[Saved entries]
========================

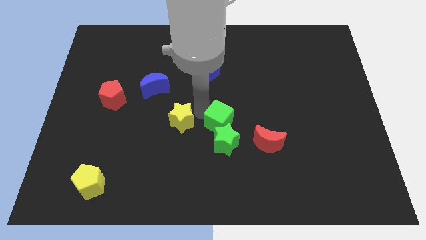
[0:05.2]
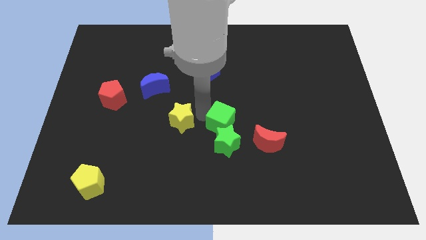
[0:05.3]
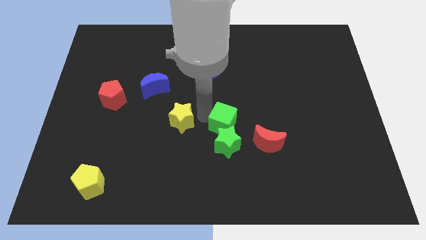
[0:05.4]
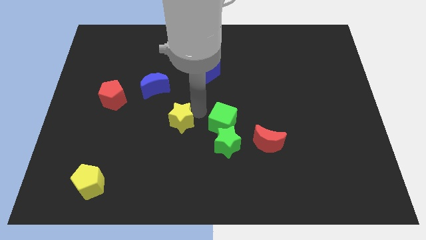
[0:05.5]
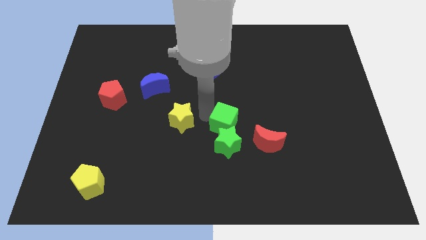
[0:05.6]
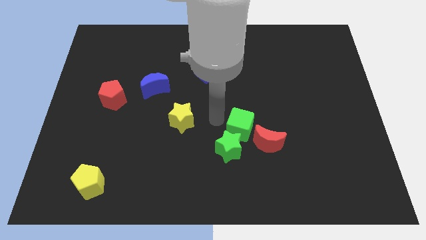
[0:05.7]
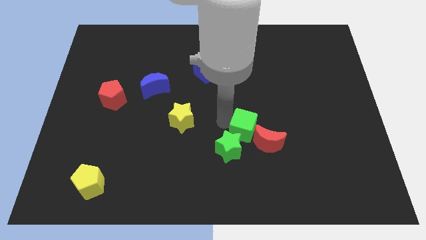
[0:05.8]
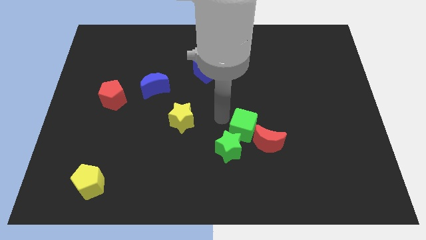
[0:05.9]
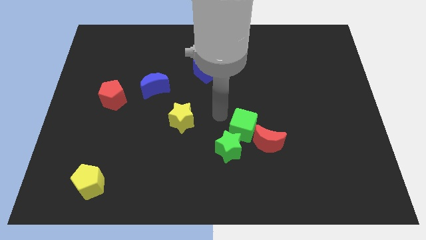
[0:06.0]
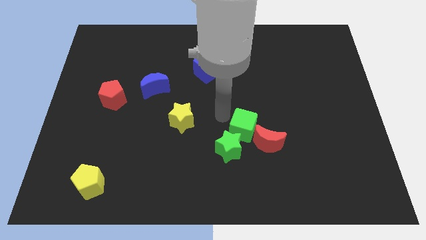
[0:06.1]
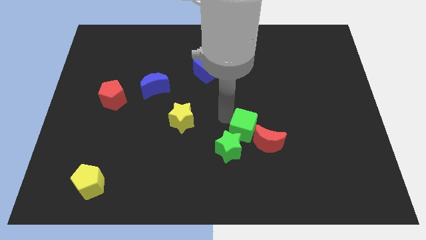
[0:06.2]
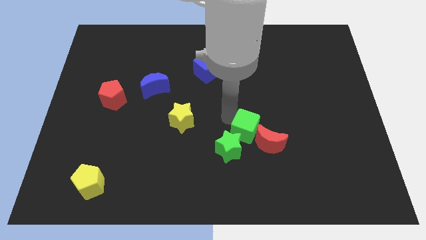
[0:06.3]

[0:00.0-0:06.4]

========================

Exercise details: A word-for-word copy of the records is required. Leave out every picture.

Answer box:
[0:05.2]
[0:05.3]
[0:05.4]
[0:05.5]
[0:05.6]
[0:05.7]
[0:05.8]
[0:05.9]
[0:06.0]
[0:06.1]
[0:06.2]
[0:06.3]

[0:00.0-0:06.4]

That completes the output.